Scan the listing below and copy each line holding the word "place".
+ + + +
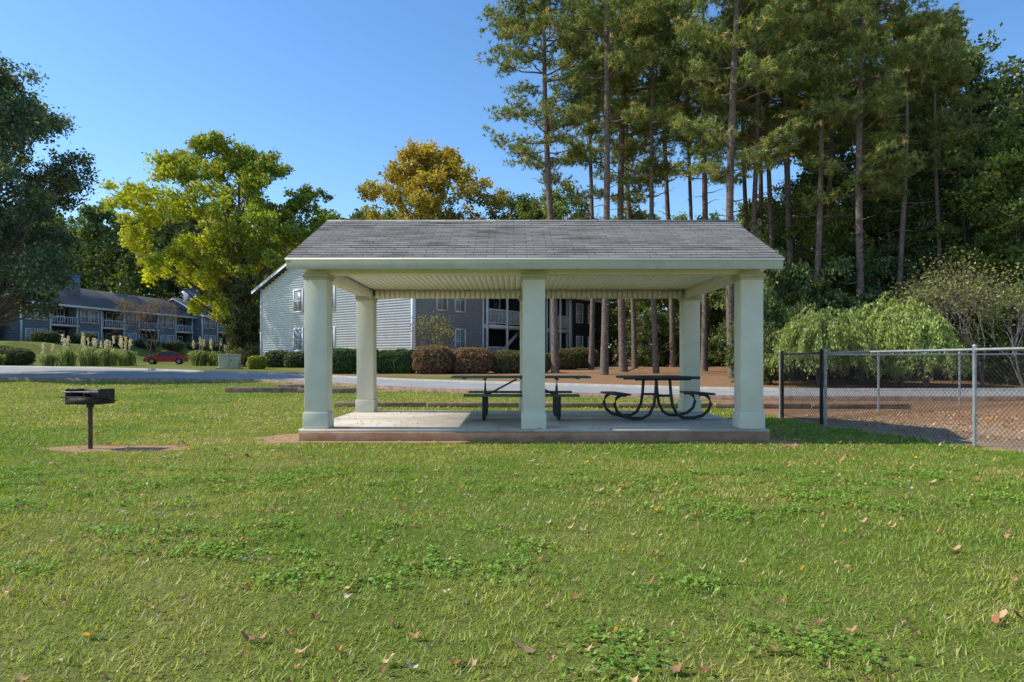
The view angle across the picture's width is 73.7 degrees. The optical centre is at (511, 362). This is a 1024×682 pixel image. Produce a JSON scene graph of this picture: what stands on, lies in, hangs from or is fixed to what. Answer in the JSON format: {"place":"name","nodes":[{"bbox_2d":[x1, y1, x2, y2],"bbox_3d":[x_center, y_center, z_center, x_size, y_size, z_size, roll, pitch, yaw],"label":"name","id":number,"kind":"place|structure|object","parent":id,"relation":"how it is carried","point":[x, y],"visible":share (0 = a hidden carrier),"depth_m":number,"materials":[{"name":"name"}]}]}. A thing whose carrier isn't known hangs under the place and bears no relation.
{"place":"outdoors","nodes":[
{"label":"outdoors","id":0,"kind":"place"},
{"bbox_2d":[0,354,7,365],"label":"ornamental grass","id":1,"kind":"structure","parent":0,"point":[2,360],"depth_m":55.65,"materials":[{"name":"green plant"}]},
{"bbox_2d":[35,333,137,365],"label":"pampas grass","id":2,"kind":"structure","parent":0,"point":[89,356],"depth_m":57.03,"materials":[{"name":"green plant"}]},
{"bbox_2d":[187,337,227,365],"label":"pampas grass","id":3,"kind":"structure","parent":0,"point":[201,358],"depth_m":57.86,"materials":[{"name":"green plant"}]},
{"bbox_2d":[0,341,1023,681],"bbox_3d":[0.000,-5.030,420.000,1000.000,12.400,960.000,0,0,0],"label":"ground","id":4,"kind":"structure","parent":0,"point":[714,377],"depth_m":4.03,"materials":[{"name":"green plant"}]},
{"bbox_2d":[0,51,101,328],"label":"oak tree","id":5,"kind":"object","parent":4,"relation":"on","point":[38,273],"visible":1,"depth_m":34.26,"materials":[{"name":"green plant"}]},
{"bbox_2d":[0,274,122,343],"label":"siding","id":6,"kind":"object","parent":4,"relation":"on","point":[8,333],"visible":0.42,"depth_m":83.59,"materials":[{"name":"wood"}]},
{"bbox_2d":[7,270,124,309],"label":"roof","id":7,"kind":"structure","parent":6,"relation":"on","point":[90,298],"depth_m":87.23,"materials":[{"name":"grey"}]},
{"bbox_2d":[25,304,112,343],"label":"windows","id":8,"kind":"structure","parent":6,"relation":"attached to","point":[84,316],"depth_m":84.27,"materials":[{"name":"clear glass"}]},
{"bbox_2d":[19,299,127,343],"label":"trim","id":9,"kind":"structure","parent":4,"relation":"on","point":[77,325],"depth_m":83.49,"materials":[{"name":"white wood"}]},
{"bbox_2d":[61,389,116,448],"bbox_3d":[-5.725,0.810,9.195,0.648,0.920,0.483,0,0,4],"label":"charcoal grill","id":10,"kind":"object","parent":4,"relation":"on","point":[89,398],"visible":0.97,"depth_m":9.22,"materials":[{"name":"black metal"}]},
{"bbox_2d":[110,291,186,363],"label":"bare tree","id":11,"kind":"object","parent":4,"relation":"on","point":[138,329],"visible":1,"depth_m":77.21,"materials":[{"name":"brown plant"}]},
{"bbox_2d":[0,331,303,367],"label":"foundation shrubs","id":12,"kind":"object","parent":4,"relation":"on","point":[16,356],"visible":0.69,"depth_m":72.77,"materials":[{"name":"green plant"}]},
{"bbox_2d":[125,312,191,342],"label":"siding","id":13,"kind":"object","parent":4,"relation":"on","point":[187,322],"visible":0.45,"depth_m":100.86,"materials":[{"name":"wood"}]},
{"bbox_2d":[95,290,195,316],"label":"roof","id":14,"kind":"structure","parent":13,"relation":"on","point":[123,297],"depth_m":100.73,"materials":[{"name":"grey"}]},
{"bbox_2d":[125,313,182,343],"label":"windows","id":15,"kind":"structure","parent":13,"relation":"attached to","point":[163,338],"depth_m":100.40,"materials":[{"name":"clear glass"}]},
{"bbox_2d":[130,309,197,341],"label":"trim","id":16,"kind":"structure","parent":4,"relation":"on","point":[176,329],"depth_m":102.87,"materials":[{"name":"white wood"}]},
{"bbox_2d":[143,351,188,363],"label":"parked car","id":17,"kind":"object","parent":4,"relation":"on","point":[171,356],"visible":0.97,"depth_m":76.34,"materials":[{"name":"red paint"}]},
{"bbox_2d":[167,297,257,347],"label":"trim","id":18,"kind":"structure","parent":4,"relation":"on","point":[202,315],"depth_m":107.64,"materials":[{"name":"white wood"}]},
{"bbox_2d":[170,289,256,346],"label":"siding","id":19,"kind":"object","parent":4,"relation":"on","point":[197,328],"visible":0.13,"depth_m":107.96,"materials":[{"name":"wood"}]},
{"bbox_2d":[170,287,216,315],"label":"roof","id":20,"kind":"structure","parent":19,"relation":"on","point":[181,300],"depth_m":108.45,"materials":[{"name":"grey"}]},
{"bbox_2d":[204,318,246,343],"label":"windows","id":21,"kind":"structure","parent":19,"relation":"attached to","point":[209,323],"depth_m":109.22,"materials":[{"name":"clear glass"}]},
{"bbox_2d":[94,129,340,365],"bbox_3d":[-24.391,-9.824,60.707,18.025,20.814,21.817,0,0,0],"label":"sweetgum tree","id":22,"kind":"object","parent":4,"relation":"on","point":[254,172],"visible":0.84,"depth_m":56.61,"materials":[{"name":"green plant"}]},
{"bbox_2d":[216,354,243,368],"bbox_3d":[-18.600,-0.052,45.000,1.600,1.005,1.300,0,0,-17],"label":"utility box","id":23,"kind":"object","parent":4,"relation":"on","point":[227,361],"visible":0.88,"depth_m":44.51,"materials":[{"name":"paint"}]},
{"bbox_2d":[217,281,259,365],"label":"evergreen tree","id":24,"kind":"object","parent":4,"relation":"on","point":[242,320],"visible":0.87,"depth_m":54.41,"materials":[{"name":"green plant"}]},
{"bbox_2d":[246,355,267,368],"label":"yellow shrub","id":25,"kind":"object","parent":4,"relation":"on","point":[256,362],"visible":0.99,"depth_m":44.10,"materials":[{"name":"green plant"}]},
{"bbox_2d":[225,385,356,392],"bbox_3d":[-7.500,0.920,23.523,4.800,0.300,0.605,0,0,0],"label":"landscape timber","id":26,"kind":"object","parent":4,"relation":"on","point":[288,388],"visible":0.57,"depth_m":23.52,"materials":[{"name":"wood"}]},
{"bbox_2d":[332,347,415,373],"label":"green hedge","id":27,"kind":"object","parent":4,"relation":"on","point":[394,361],"visible":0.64,"depth_m":37.17,"materials":[{"name":"green plant"}]},
{"bbox_2d":[0,197,767,340],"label":"distant treeline","id":28,"kind":"object","parent":4,"relation":"on","point":[105,265],"visible":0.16,"depth_m":115.15,"materials":[{"name":"green plant"}]},
{"bbox_2d":[262,269,601,367],"bbox_3d":[-5.600,-4.225,57.550,16.560,9.350,24.060,0,0,37],"label":"siding","id":29,"kind":"object","parent":4,"relation":"on","point":[281,320],"visible":0.3,"depth_m":48.16,"materials":[{"name":"grey wood"}]},
{"bbox_2d":[251,262,610,355],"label":"trim and balconies","id":30,"kind":"structure","parent":29,"relation":"attached to","point":[565,322],"depth_m":51.19,"materials":[{"name":"white wood"}]},
{"bbox_2d":[254,266,609,301],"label":"roof","id":31,"kind":"structure","parent":29,"relation":"on","point":[274,277],"depth_m":51.95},
{"bbox_2d":[293,286,594,351],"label":"windows","id":32,"kind":"structure","parent":29,"relation":"attached to","point":[442,305],"depth_m":49.87,"materials":[{"name":"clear glass"}]},
{"bbox_2d":[405,306,461,348],"bbox_3d":[-4.717,-1.338,40.970,3.293,3.927,3.540,0,0,6],"label":"crape myrtle","id":33,"kind":"object","parent":4,"relation":"on","point":[445,330],"visible":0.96,"depth_m":40.68,"materials":[{"name":"green plant"}]},
{"bbox_2d":[355,136,515,219],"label":"maple tree","id":34,"kind":"object","parent":4,"relation":"on","point":[437,171],"visible":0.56,"depth_m":67.05,"materials":[{"name":"yellow plant"}]},
{"bbox_2d":[411,344,492,373],"bbox_3d":[-3.267,-0.178,37.950,4.580,1.681,2.918,0,0,0],"label":"red hedge","id":35,"kind":"object","parent":4,"relation":"on","point":[435,359],"visible":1,"depth_m":36.94,"materials":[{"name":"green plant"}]},
{"bbox_2d":[0,391,1023,681],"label":"fallen leaves","id":36,"kind":"object","parent":4,"relation":"on","point":[678,667],"visible":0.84,"depth_m":5.44,"materials":[{"name":"brown plant"}]},
{"bbox_2d":[480,191,545,219],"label":"broadleaf tree","id":37,"kind":"object","parent":4,"relation":"on","point":[512,208],"visible":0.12,"depth_m":72.36,"materials":[{"name":"green plant"}]},
{"bbox_2d":[285,220,784,440],"bbox_3d":[0.330,-0.661,12.180,7.250,3.771,4.558,0,0,0],"label":"picnic shelter","id":38,"kind":"object","parent":4,"relation":"on","point":[531,266],"visible":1,"depth_m":10.48,"materials":[{"name":"paint"}]},
{"bbox_2d":[451,376,590,420],"bbox_3d":[0.160,0.618,12.250,2.440,0.755,1.650,0,0,0],"label":"picnic table","id":39,"kind":"object","parent":38,"relation":"on","point":[555,395],"visible":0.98,"depth_m":11.88,"materials":[{"name":"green metal"}]},
{"bbox_2d":[600,375,715,419],"bbox_3d":[2.580,0.618,12.200,1.796,0.755,1.210,0,0,-8],"label":"accessible picnic table","id":40,"kind":"object","parent":38,"relation":"on","point":[643,379],"visible":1,"depth_m":11.89,"materials":[{"name":"metal"}]},
{"bbox_2d":[473,0,615,372],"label":"pine tree","id":41,"kind":"object","parent":4,"relation":"on","point":[518,22],"visible":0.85,"depth_m":37.70,"materials":[{"name":"green plant"}]},
{"bbox_2d":[490,347,599,372],"bbox_3d":[2.711,-0.232,42.418,3.386,1.751,12.418,0,0,29],"label":"mixed hedge","id":42,"kind":"object","parent":4,"relation":"on","point":[506,361],"visible":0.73,"depth_m":38.57,"materials":[{"name":"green plant"}]},
{"bbox_2d":[514,178,598,219],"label":"broadleaf tree","id":43,"kind":"object","parent":4,"relation":"on","point":[560,210],"visible":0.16,"depth_m":65.05,"materials":[{"name":"green plant"}]},
{"bbox_2d":[536,0,641,369],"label":"pine tree","id":44,"kind":"object","parent":4,"relation":"on","point":[591,130],"visible":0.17,"depth_m":43.91,"materials":[{"name":"green plant"}]},
{"bbox_2d":[532,0,679,374],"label":"pine tree","id":45,"kind":"object","parent":4,"relation":"on","point":[640,44],"visible":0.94,"depth_m":35.26,"materials":[{"name":"green plant"}]},
{"bbox_2d":[594,214,636,345],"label":"broadleaf tree","id":46,"kind":"object","parent":4,"relation":"on","point":[612,300],"visible":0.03,"depth_m":69.14,"materials":[{"name":"green plant"}]},
{"bbox_2d":[334,402,910,408],"bbox_3d":[2.650,1.080,17.300,14.475,0.120,0.141,0,0,3],"label":"landscape timber","id":47,"kind":"object","parent":4,"relation":"on","point":[515,404],"visible":0.69,"depth_m":17.27,"materials":[{"name":"wood"}]},
{"bbox_2d":[560,0,699,371],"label":"pine tree","id":48,"kind":"object","parent":4,"relation":"on","point":[662,167],"visible":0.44,"depth_m":39.36,"materials":[{"name":"green plant"}]},
{"bbox_2d":[592,3,676,367],"bbox_3d":[8.111,-12.940,47.273,7.348,27.354,7.232,0,0,-42],"label":"pine tree","id":49,"kind":"object","parent":4,"relation":"on","point":[634,353],"visible":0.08,"depth_m":46.95,"materials":[{"name":"green plant"}]},
{"bbox_2d":[609,299,678,362],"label":"broadleaf tree","id":50,"kind":"object","parent":4,"relation":"on","point":[638,307],"visible":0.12,"depth_m":61.34,"materials":[{"name":"green plant"}]},
{"bbox_2d":[598,0,708,372],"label":"pine tree","id":51,"kind":"object","parent":4,"relation":"on","point":[662,114],"visible":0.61,"depth_m":37.69,"materials":[{"name":"green plant"}]},
{"bbox_2d":[614,0,706,366],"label":"pine tree","id":52,"kind":"object","parent":4,"relation":"on","point":[672,349],"visible":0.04,"depth_m":51.82,"materials":[{"name":"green plant"}]},
{"bbox_2d":[637,211,713,364],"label":"broadleaf tree","id":53,"kind":"object","parent":4,"relation":"on","point":[681,217],"visible":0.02,"depth_m":62.68,"materials":[{"name":"green plant"}]},
{"bbox_2d":[642,19,739,219],"bbox_3d":[12.807,-11.737,48.378,6.680,24.868,6.575,0,0,29],"label":"pine tree","id":54,"kind":"object","parent":4,"relation":"on","point":[689,154],"visible":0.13,"depth_m":48.00,"materials":[{"name":"green plant"}]},
{"bbox_2d":[645,0,764,370],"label":"pine tree","id":55,"kind":"object","parent":4,"relation":"on","point":[689,112],"visible":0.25,"depth_m":40.70,"materials":[{"name":"green plant"}]},
{"bbox_2d":[700,286,725,365],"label":"broadleaf tree","id":56,"kind":"object","parent":4,"relation":"on","point":[711,294],"visible":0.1,"depth_m":56.37,"materials":[{"name":"green plant"}]},
{"bbox_2d":[706,0,783,231],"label":"pine tree","id":57,"kind":"object","parent":4,"relation":"on","point":[744,186],"visible":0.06,"depth_m":47.31,"materials":[{"name":"green plant"}]},
{"bbox_2d":[664,0,827,377],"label":"pine tree","id":58,"kind":"object","parent":4,"relation":"on","point":[711,36],"visible":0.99,"depth_m":32.19,"materials":[{"name":"green plant"}]},
{"bbox_2d":[693,0,809,236],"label":"pine tree","id":59,"kind":"object","parent":4,"relation":"on","point":[744,113],"visible":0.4,"depth_m":36.50,"materials":[{"name":"green plant"}]},
{"bbox_2d":[713,199,795,310],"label":"broadleaf tree","id":60,"kind":"object","parent":4,"relation":"on","point":[741,217],"visible":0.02,"depth_m":59.58,"materials":[{"name":"green plant"}]},
{"bbox_2d":[724,25,798,241],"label":"pine tree","id":61,"kind":"object","parent":4,"relation":"on","point":[760,182],"depth_m":53.44,"materials":[{"name":"green plant"}]},
{"bbox_2d":[718,4,818,291],"bbox_3d":[15.368,-11.582,40.399,6.680,24.868,6.575,0,0,13],"label":"pine tree","id":62,"kind":"object","parent":4,"relation":"on","point":[811,141],"visible":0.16,"depth_m":40.10,"materials":[{"name":"green plant"}]},
{"bbox_2d":[718,0,851,272],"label":"pine tree","id":63,"kind":"object","parent":4,"relation":"on","point":[789,225],"visible":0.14,"depth_m":38.12,"materials":[{"name":"green plant"}]},
{"bbox_2d":[757,225,812,290],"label":"broadleaf tree","id":64,"kind":"object","parent":4,"relation":"on","point":[779,242],"visible":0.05,"depth_m":41.61,"materials":[{"name":"green plant"}]},
{"bbox_2d":[548,244,1023,384],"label":"woodland understory","id":65,"kind":"object","parent":4,"relation":"on","point":[800,288],"visible":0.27,"depth_m":32.60,"materials":[{"name":"green plant"}]},
{"bbox_2d":[719,176,855,290],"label":"broadleaf tree","id":66,"kind":"object","parent":4,"relation":"on","point":[774,189],"visible":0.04,"depth_m":51.60,"materials":[{"name":"green plant"}]},
{"bbox_2d":[780,349,823,424],"bbox_3d":[5.775,0.557,13.650,0.084,1.625,1.594,0,0,-6],"label":"chain link fence","id":67,"kind":"object","parent":4,"relation":"on","point":[782,386],"visible":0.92,"depth_m":13.62,"materials":[{"name":"black metal"}]},
{"bbox_2d":[772,330,850,381],"bbox_3d":[12.896,-0.478,30.211,3.316,2.853,3.606,0,0,-7],"label":"weeping shrub","id":68,"kind":"object","parent":4,"relation":"on","point":[813,369],"depth_m":29.69,"materials":[{"name":"green plant"}]},
{"bbox_2d":[766,171,877,269],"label":"broadleaf tree","id":69,"kind":"object","parent":4,"relation":"on","point":[815,179],"visible":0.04,"depth_m":46.62,"materials":[{"name":"green plant"}]},
{"bbox_2d":[763,303,885,387],"bbox_3d":[12.004,-0.661,26.752,4.027,3.464,4.378,0,0,-3],"label":"weeping shrub","id":70,"kind":"object","parent":4,"relation":"on","point":[800,335],"visible":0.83,"depth_m":25.60,"materials":[{"name":"green plant"}]},
{"bbox_2d":[769,183,882,291],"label":"broadleaf tree","id":71,"kind":"object","parent":4,"relation":"on","point":[830,228],"visible":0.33,"depth_m":37.22,"materials":[{"name":"green plant"}]},
{"bbox_2d":[763,0,889,376],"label":"pine tree","id":72,"kind":"object","parent":4,"relation":"on","point":[792,94],"visible":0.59,"depth_m":33.28,"materials":[{"name":"green plant"}]},
{"bbox_2d":[773,0,893,263],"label":"pine tree","id":73,"kind":"object","parent":4,"relation":"on","point":[841,140],"visible":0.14,"depth_m":40.52,"materials":[{"name":"green plant"}]},
{"bbox_2d":[793,81,899,245],"bbox_3d":[27.277,-11.087,53.676,11.083,23.518,14.551,0,0,13],"label":"broadleaf tree","id":74,"kind":"object","parent":4,"relation":"on","point":[851,147],"visible":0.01,"depth_m":52.56,"materials":[{"name":"green plant"}]},
{"bbox_2d":[816,3,893,256],"bbox_3d":[22.586,-12.930,46.309,7.232,27.354,7.348,0,0,-35],"label":"pine tree","id":75,"kind":"object","parent":4,"relation":"on","point":[842,147],"visible":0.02,"depth_m":46.10,"materials":[{"name":"green plant"}]},
{"bbox_2d":[810,306,918,384],"bbox_3d":[14.711,-0.690,28.520,4.170,3.437,4.276,0,0,19],"label":"weeping shrub","id":76,"kind":"object","parent":4,"relation":"on","point":[853,310],"visible":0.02,"depth_m":27.84,"materials":[{"name":"green plant"}]},
{"bbox_2d":[794,0,951,374],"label":"pine tree","id":77,"kind":"object","parent":4,"relation":"on","point":[883,170],"visible":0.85,"depth_m":31.95,"materials":[{"name":"green plant"}]},
{"bbox_2d":[743,58,1017,294],"bbox_3d":[23.086,-9.115,43.352,18.525,19.794,10.480,0,0,39],"label":"broadleaf tree","id":78,"kind":"object","parent":4,"relation":"on","point":[851,204],"visible":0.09,"depth_m":41.71,"materials":[{"name":"green plant"}]},
{"bbox_2d":[827,291,961,385],"bbox_3d":[15.444,-0.942,27.733,5.048,3.994,4.643,0,0,34],"label":"weeping shrub","id":79,"kind":"object","parent":4,"relation":"on","point":[900,329],"visible":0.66,"depth_m":26.31,"materials":[{"name":"green plant"}]},
{"bbox_2d":[779,350,1023,417],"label":"chain link fence","id":80,"kind":"object","parent":4,"relation":"on","point":[958,374],"visible":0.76,"depth_m":16.69,"materials":[{"name":"metal"}]},
{"bbox_2d":[835,173,978,300],"bbox_3d":[21.049,-4.627,35.912,10.189,10.887,5.764,0,0,-25],"label":"broadleaf tree","id":81,"kind":"object","parent":4,"relation":"on","point":[879,223],"visible":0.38,"depth_m":35.40,"materials":[{"name":"green plant"}]},
{"bbox_2d":[796,3,1022,269],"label":"broadleaf tree","id":82,"kind":"object","parent":4,"relation":"on","point":[994,46],"visible":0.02,"depth_m":43.21,"materials":[{"name":"green plant"}]},
{"bbox_2d":[850,0,969,375],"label":"pine tree","id":83,"kind":"object","parent":4,"relation":"on","point":[922,20],"visible":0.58,"depth_m":33.07,"materials":[{"name":"green plant"}]},
{"bbox_2d":[809,39,1023,295],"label":"broadleaf tree","id":84,"kind":"object","parent":4,"relation":"on","point":[1001,89],"visible":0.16,"depth_m":39.32,"materials":[{"name":"green plant"}]},
{"bbox_2d":[824,344,1023,448],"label":"chain link fence","id":85,"kind":"object","parent":4,"relation":"on","point":[974,349],"visible":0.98,"depth_m":10.23,"materials":[{"name":"metal"}]},
{"bbox_2d":[882,331,971,387],"bbox_3d":[16.145,-0.148,26.421,2.993,2.406,2.919,0,0,-14],"label":"weeping shrub","id":86,"kind":"object","parent":4,"relation":"on","point":[958,345],"visible":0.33,"depth_m":25.79,"materials":[{"name":"green plant"}]},
{"bbox_2d":[873,255,988,381],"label":"bare tree","id":87,"kind":"object","parent":4,"relation":"on","point":[938,269],"visible":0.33,"depth_m":30.57,"materials":[{"name":"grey plant"}]},
{"bbox_2d":[883,1,997,376],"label":"pine tree","id":88,"kind":"object","parent":4,"relation":"on","point":[945,119],"visible":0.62,"depth_m":33.69,"materials":[{"name":"green plant"}]},
{"bbox_2d":[884,246,1023,386],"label":"bare tree","id":89,"kind":"object","parent":4,"relation":"on","point":[943,283],"visible":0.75,"depth_m":26.91,"materials":[{"name":"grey plant"}]},
{"bbox_2d":[888,179,1023,376],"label":"broadleaf tree","id":90,"kind":"object","parent":4,"relation":"on","point":[983,236],"visible":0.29,"depth_m":33.65,"materials":[{"name":"green plant"}]},
{"bbox_2d":[944,260,1023,387],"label":"bare tree","id":91,"kind":"object","parent":4,"relation":"on","point":[1006,319],"visible":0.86,"depth_m":26.34,"materials":[{"name":"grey plant"}]},
{"bbox_2d":[947,119,1023,298],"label":"broadleaf tree","id":92,"kind":"object","parent":4,"relation":"on","point":[997,146],"visible":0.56,"depth_m":32.39,"materials":[{"name":"green plant"}]},
{"bbox_2d":[947,102,1023,286],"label":"broadleaf tree","id":93,"kind":"object","parent":4,"relation":"on","point":[1020,125],"depth_m":39.64,"materials":[{"name":"green plant"}]},
{"bbox_2d":[952,89,1023,294],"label":"broadleaf tree","id":94,"kind":"object","parent":4,"relation":"on","point":[993,132],"visible":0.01,"depth_m":43.15,"materials":[{"name":"green plant"}]},
{"bbox_2d":[964,117,1023,285],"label":"broadleaf tree","id":95,"kind":"object","parent":4,"relation":"on","point":[1004,246],"visible":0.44,"depth_m":32.49,"materials":[{"name":"green plant"}]},
{"bbox_2d":[0,380,1023,681],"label":"lawn grass","id":96,"kind":"structure","parent":0,"point":[298,572],"depth_m":4.62,"materials":[{"name":"green plant"}]},
{"bbox_2d":[0,367,1023,395],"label":"road","id":97,"kind":"structure","parent":0,"point":[23,372],"depth_m":30.67,"materials":[{"name":"grey asphalt"}]},
{"bbox_2d":[0,378,1023,400],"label":"road kerb","id":98,"kind":"structure","parent":97,"relation":"on","point":[676,396],"depth_m":23.50,"materials":[{"name":"concrete"}]},
{"bbox_2d":[0,366,1023,390],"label":"road kerb","id":99,"kind":"structure","parent":97,"relation":"on","point":[620,385],"depth_m":28.07,"materials":[{"name":"concrete"}]},
{"bbox_2d":[0,0,1023,346],"label":"sky","id":100,"kind":"structure","parent":0,"point":[334,86],"materials":[{"name":"blue"}]}
]}
+ + + +
§ Task answer:
The view angle across the picture's width is 73.7 degrees. The optical centre is at (511, 362). This is a 1024×682 pixel image. Produce a JSON scene graph of this picture: what stands on, lies in, hangs from or is fixed to what. Answer in the JSON format: {"place":"name","nodes":[{"bbox_2d":[x1, y1, x2, y2],"bbox_3d":[x_center, y_center, z_center, x_size, y_size, z_size, roll, pitch, yaw],"label":"name","id":number,"kind":"place|structure|object","parent":id,"relation":"how it is carried","point":[x, y],"visible":share (0 = a hidden carrier),"depth_m":number,"materials":[{"name":"name"}]}]}. A thing whose carrier isn't known hangs under the place and bears no relation.
{"place":"outdoors","nodes":[
{"label":"outdoors","id":0,"kind":"place"},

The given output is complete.